You and I both know you’d be screeching like a banshee if Scott Walker had ruminated about funding PP. Not only are you afflicted with a socialist streak, you’re also a hypocrite.
If you're saying they're commiting fraud and not performing the Pap smears etc., OK, but if they are performing these services how can they have much money left over given the Medicaid reimbursement rate?
Are they reimbursed on a procedure basis or just block granted a bunch of money?
You need to improve English comprehension.
Hypocrite: a person who pretends to have virtues, moral or religious beliefs, principles, etc., that he or she does not actually possess, especially a person whose actions belie stated beliefs.
Describes you perfectly lol
Like I said... nice try.
You again have no refutation to what I said.
Meanwhile, your golden boy is beginning his inevitable downward descent.
If you say so.
I wasn’t engaging hyberbole at all. If Trump were elected, I would not be surprised at all to see him impeached and removed from office by the uniparty.
I believe they are given block amounts of cash, with the understanding it will be used to help defray the costs of poor women who use their facilities for any service.
Like food stamps are given out with the “understanding” they won’t be used to pay for filet mignon, steak, lobster, cigarettes, booze and tuna fish for cats.
I have no interest in funding free health services for people who should get a job and pay their own bills.
Even your profile page says men should not have to pay for pap smears and women’s health services. So why in the hell should my tax dollars go to PP? You’re inconsistent unless you say only women’s tax dollars should go to PP.
No need for Trump to clear his brain. We’ve got candidates who have been clear, consistent conservatives for their entire public lives. Notably Ted Cruz. So I’ll stay with him rather than go with someone who flip-flops before, during and surely after the primary.
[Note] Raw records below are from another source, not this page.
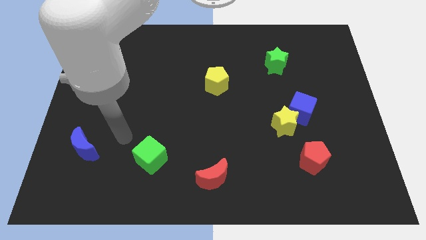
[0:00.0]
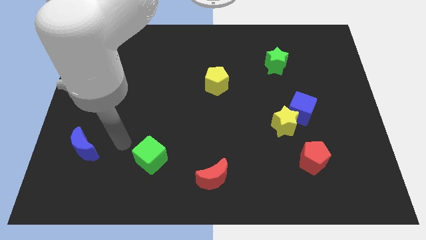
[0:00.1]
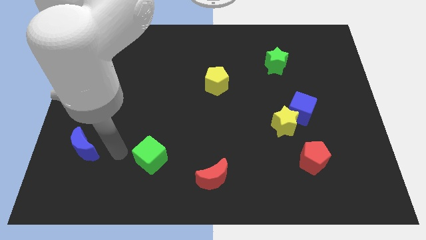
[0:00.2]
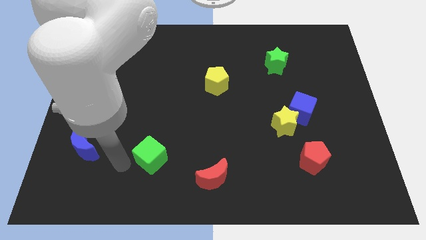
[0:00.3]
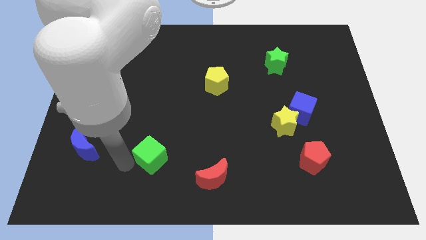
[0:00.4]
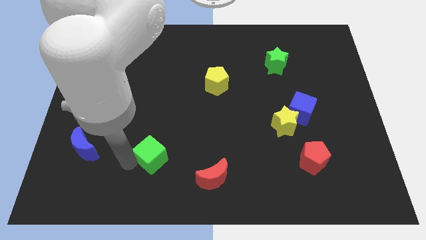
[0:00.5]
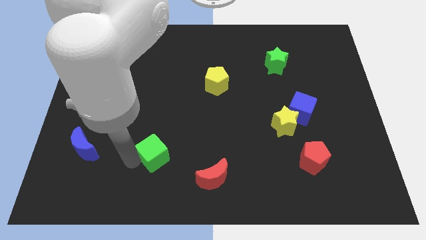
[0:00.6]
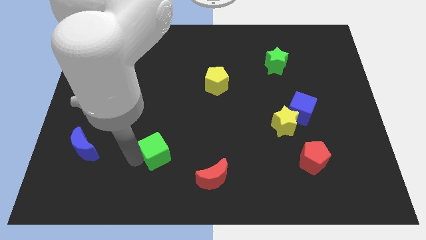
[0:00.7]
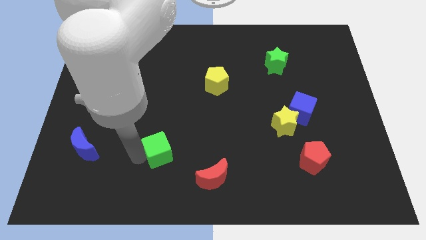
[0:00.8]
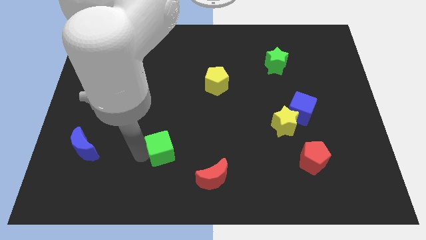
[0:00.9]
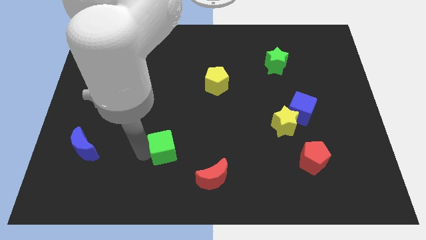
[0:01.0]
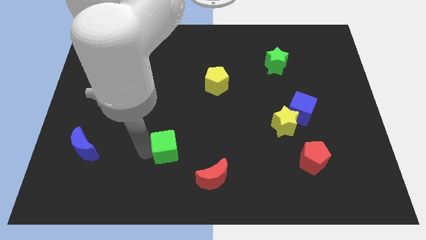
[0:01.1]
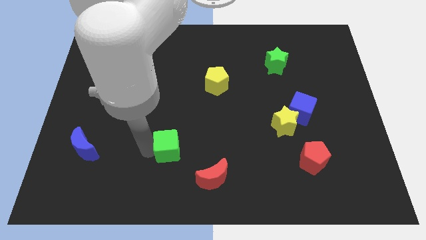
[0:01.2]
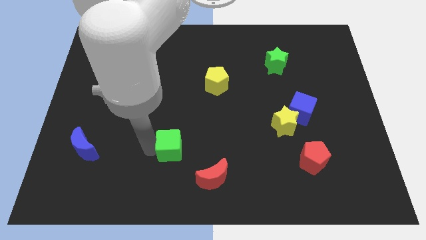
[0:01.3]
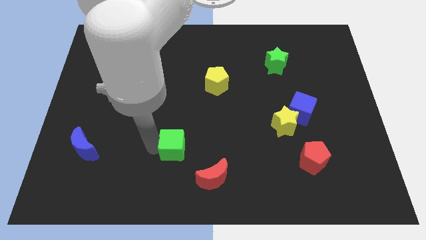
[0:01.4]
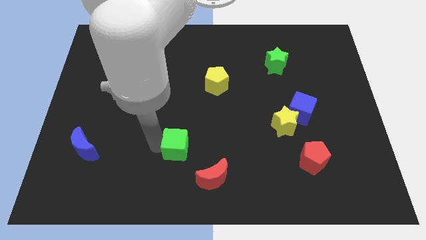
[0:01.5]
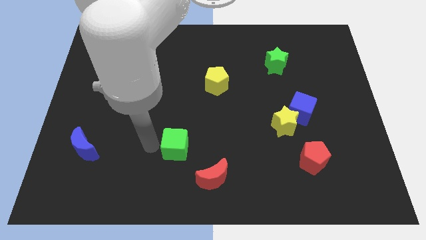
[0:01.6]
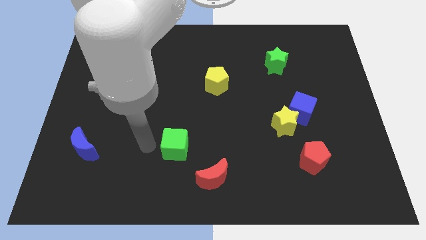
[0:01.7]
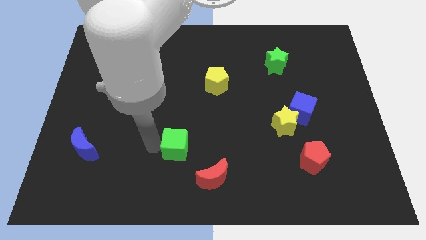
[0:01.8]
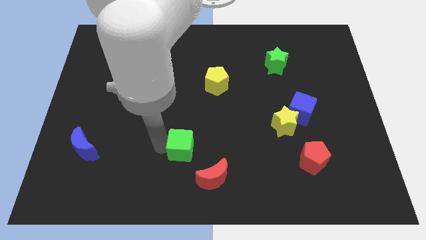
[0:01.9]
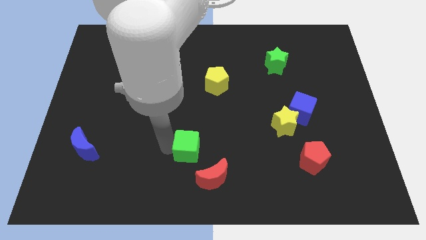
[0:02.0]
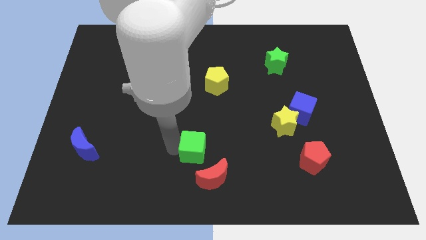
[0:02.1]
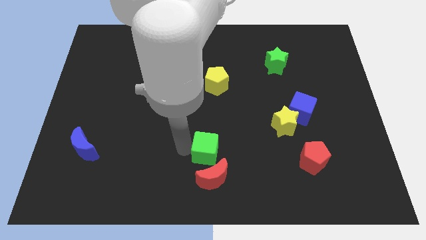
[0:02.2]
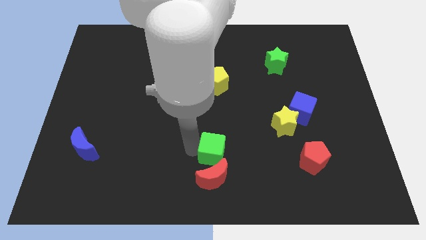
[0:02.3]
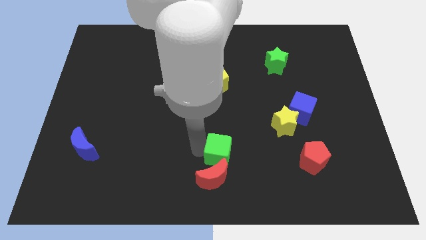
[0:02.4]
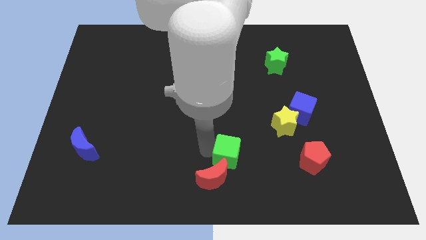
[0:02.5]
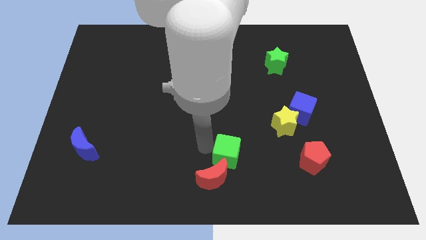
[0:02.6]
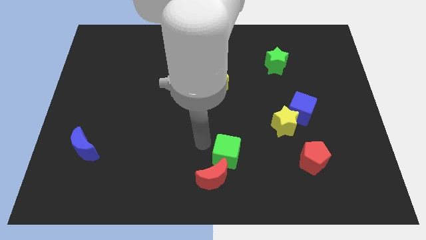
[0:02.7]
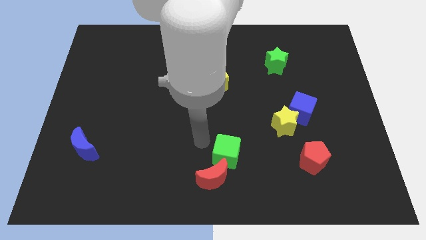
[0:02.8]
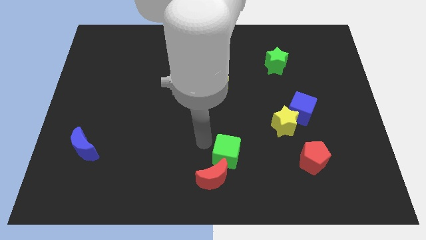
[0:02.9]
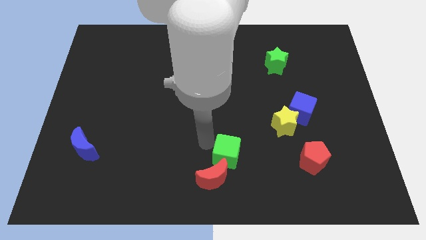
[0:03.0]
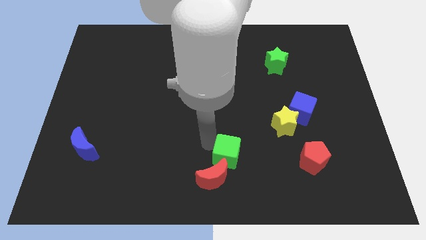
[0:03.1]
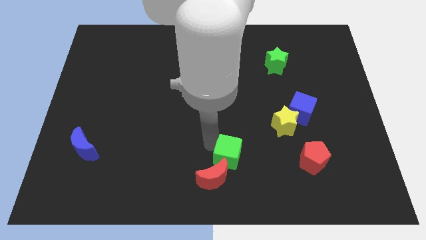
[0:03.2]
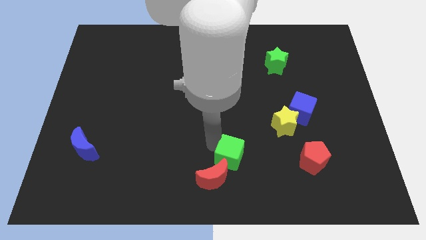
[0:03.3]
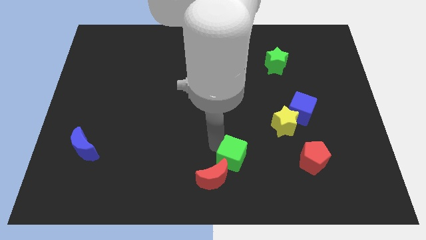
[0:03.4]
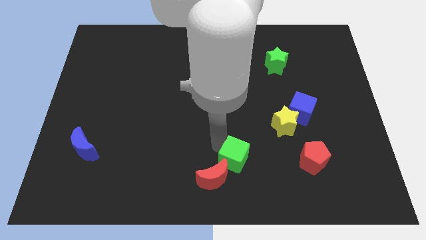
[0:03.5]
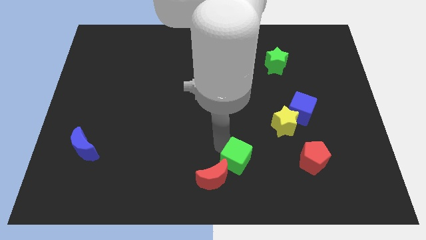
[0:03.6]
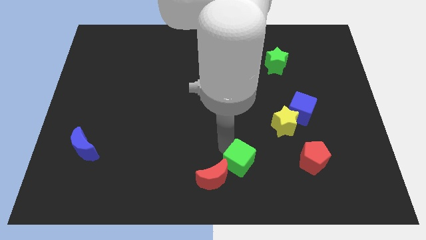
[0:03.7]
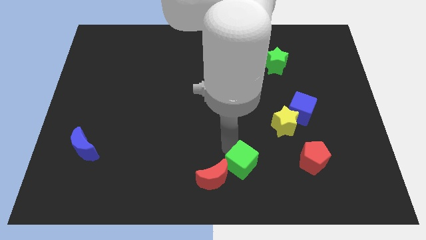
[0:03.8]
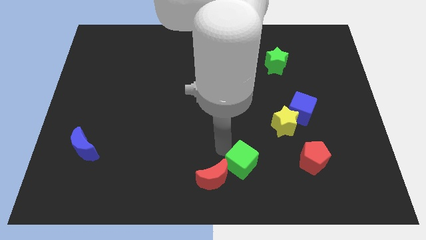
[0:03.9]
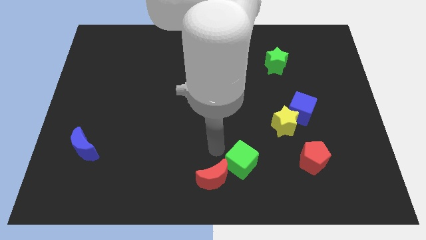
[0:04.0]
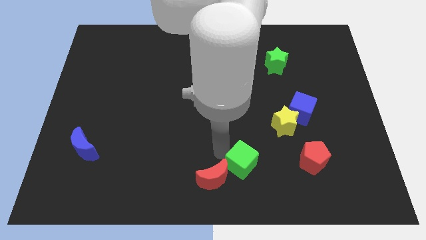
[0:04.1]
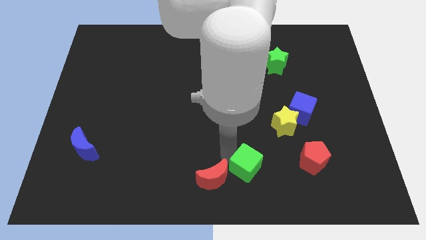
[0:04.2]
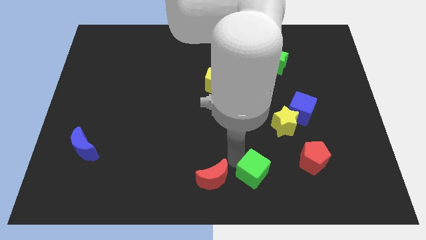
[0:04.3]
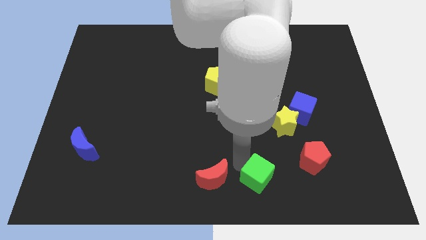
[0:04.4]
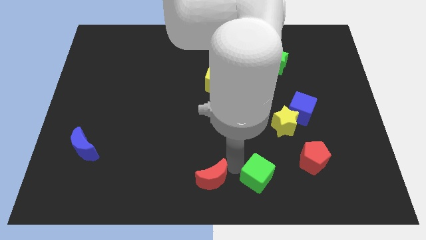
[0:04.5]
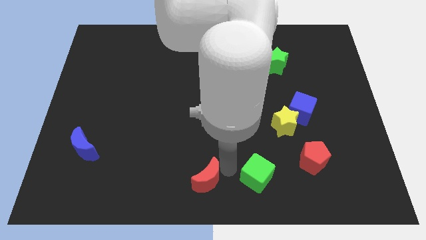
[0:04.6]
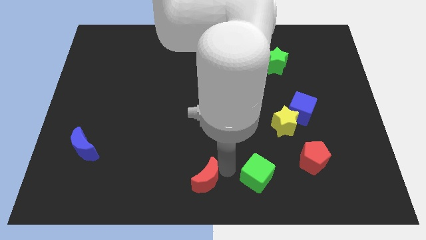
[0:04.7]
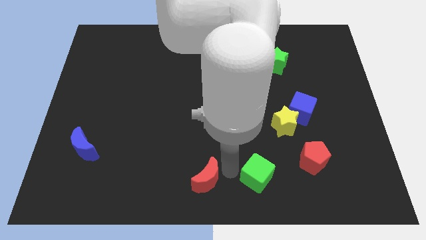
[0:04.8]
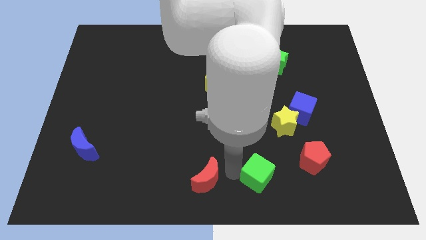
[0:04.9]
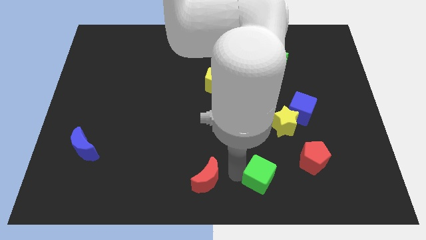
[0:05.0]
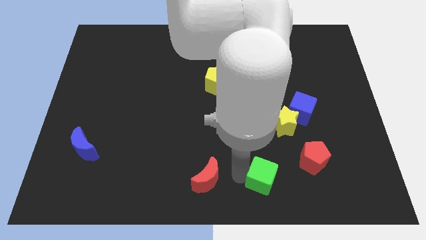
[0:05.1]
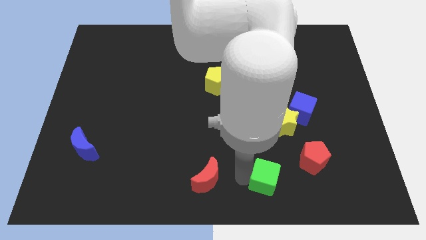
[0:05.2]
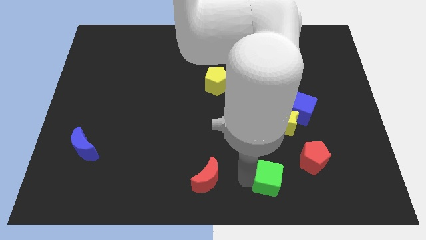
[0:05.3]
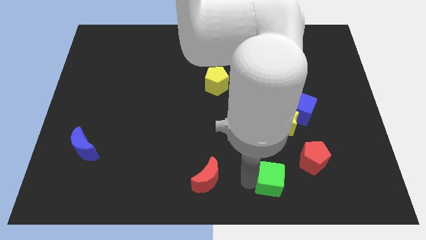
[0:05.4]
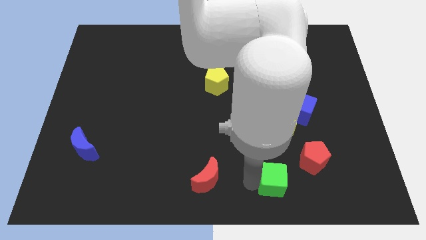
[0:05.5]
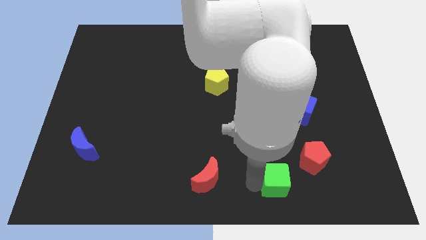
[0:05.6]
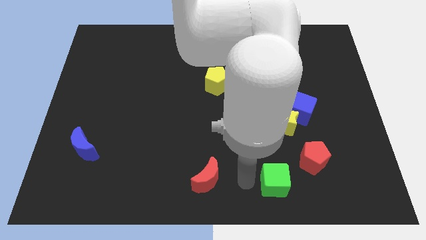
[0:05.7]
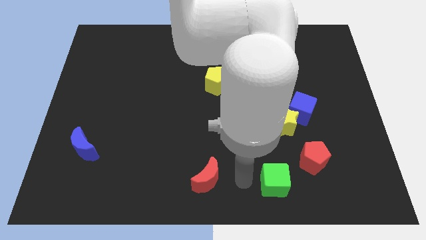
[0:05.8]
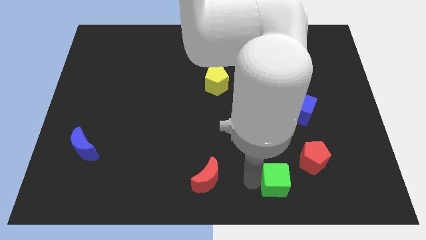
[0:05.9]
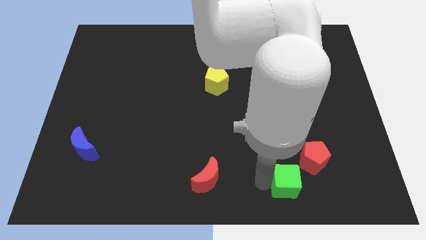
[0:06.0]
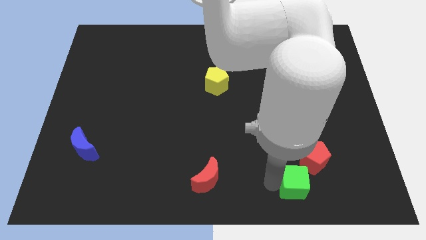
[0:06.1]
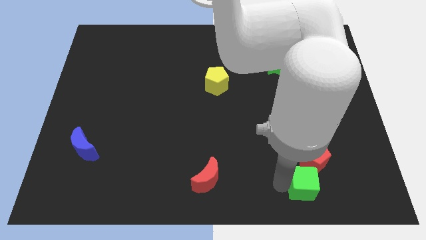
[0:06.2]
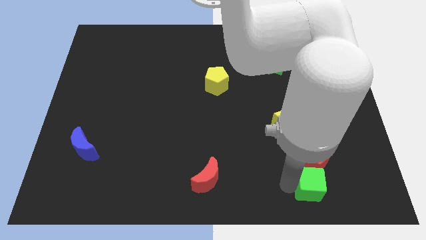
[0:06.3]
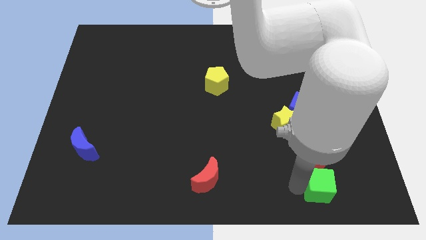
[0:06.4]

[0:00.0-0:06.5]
move the green cube to the bottom right side of the red pentagon

The way Obamacare is structured, both men and women are required to insure each others health problems. That makea all policies unnecessarily more expensive.
The single biggest improvement Trump or anyone can make in healthcare is to allow people to buy a policy which fits their needs. Young people under 35 should be OK to buy catastrophic only coverage insurance.
Heritage Foundation was absolutely correct. Every one must have at a minimum a catastrophic health problem insurance.
You may be OK for the poorer citizens to have no health coverage, but I am not so heartless. If their incomes are zero to small, my taxes can pay for their subsidies for catastrophic insurance.
But I don’t blame Donald really. Trump will Trump. He is what he is. I blame his Trumpster supporters who are willing to rally around an anti-intellectual populist who is not even a conservative all because they are “raging at the system”.
I find it bizarre the FR Trump bash caucus gets whipped into a fury by every comment he makes yet gives Rubio a pass on his Gang of Eight treason.
Rubio the snake is laying the grass right now totally free to sell his shinola without push back. Why is that?
Maybe I should forget about Donald Trump if that is his attitude. Planned Parenthood is an evil organization that was started based on an evil premise. It was fortified in 1973 by 7 men with a twisted agenda.
It this is what Trump is all about, I think I’ll forget about him.